Тогда я все-таки убедил его. Сделать это было не так трудно. Я хорошо изучил его характер еще до его смерти. А то внешнее, что зависело от фенотипа, легко снялось, как одежда. Труднее было научить его переходу через межклеточную мембрану. У него не выходило, он нервничал, недвусмысленно называл меня шарлатаном, но потом мы нашли подступ к границе, и стало легче. Ему помогла неутраченная связь с прошлым, часто это действует лучше, чем психическое сверхнапряжение. Немудрено, что сначала мы попали не в ту дверь, к счастью, там никого не было. Потом мы нашли нужную дверь. Конечно, их встреча была не для слабонервных, но они оба с честью выдержали...
Он именно появился, а не пришел. Она даже не заметила, как он лег на свое любимое место у кровати.
— Ага, — сказала Жанна, — явился, гуляка. Есть хочешь?
Пес положил тяжелую морду на вытянутые лапы и прикрыл глаза.

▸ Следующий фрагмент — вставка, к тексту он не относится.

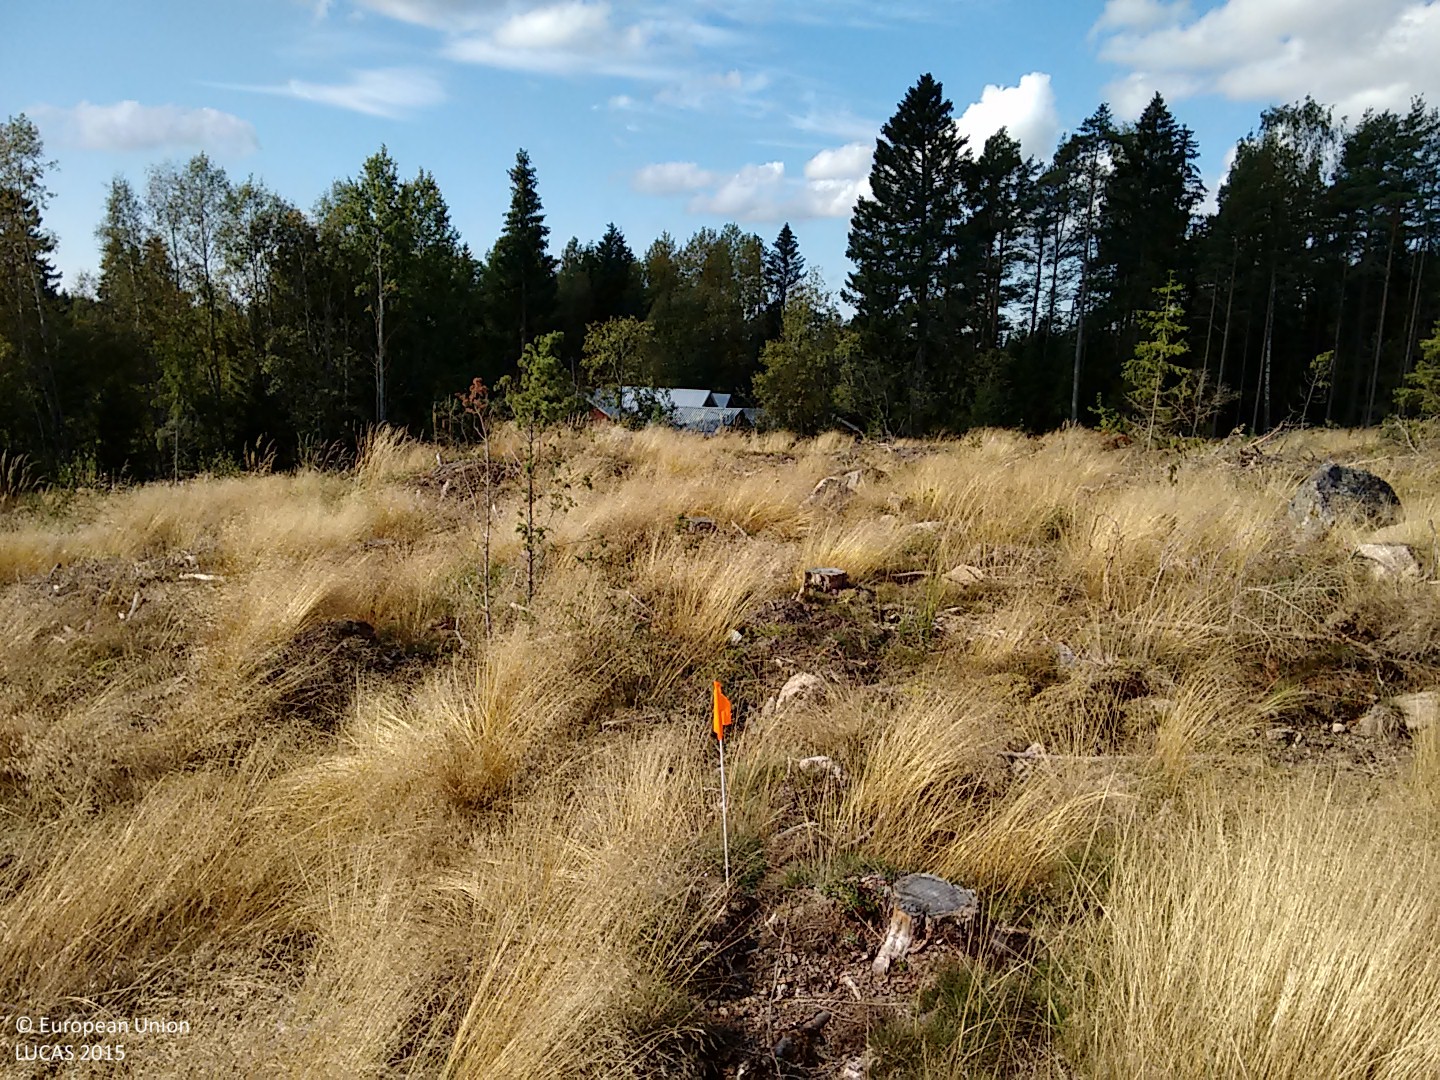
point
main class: Grassland
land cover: Grassland with sparse tree/shrub cover
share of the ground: > 75 %
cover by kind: herbaceous plants 80 %, consolidated bare surface 10 %, broadleaved forest trees 5 %, unconsolidated bare surface 5 %
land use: Forestry
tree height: < 5 m
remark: Clear cut
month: September
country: FI
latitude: 60.9348
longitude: 21.6630

Она впервые проводила ночь в этом доме, и, как всегда, на новом месте не спалось. Тогда она села в кресло с ногами, закуталась пледом и зажгла свечу. Было тихо, Джеральд вздрагивал на своей подстилке, сны гнались за ним по пятам. Обостренное зрение улавливало в тенях неясные колеблющиеся формы, отсветы от застекленных портретов скользили по стенам. Слух отсеивал ночные шорохи, а воображение приписывало им тайный смысл. Мысли свободно скользили от одного предмета к другому, и если бы в городе жили петухи, то давно бы им пришла пора возвестить о предощущаемом рассвете.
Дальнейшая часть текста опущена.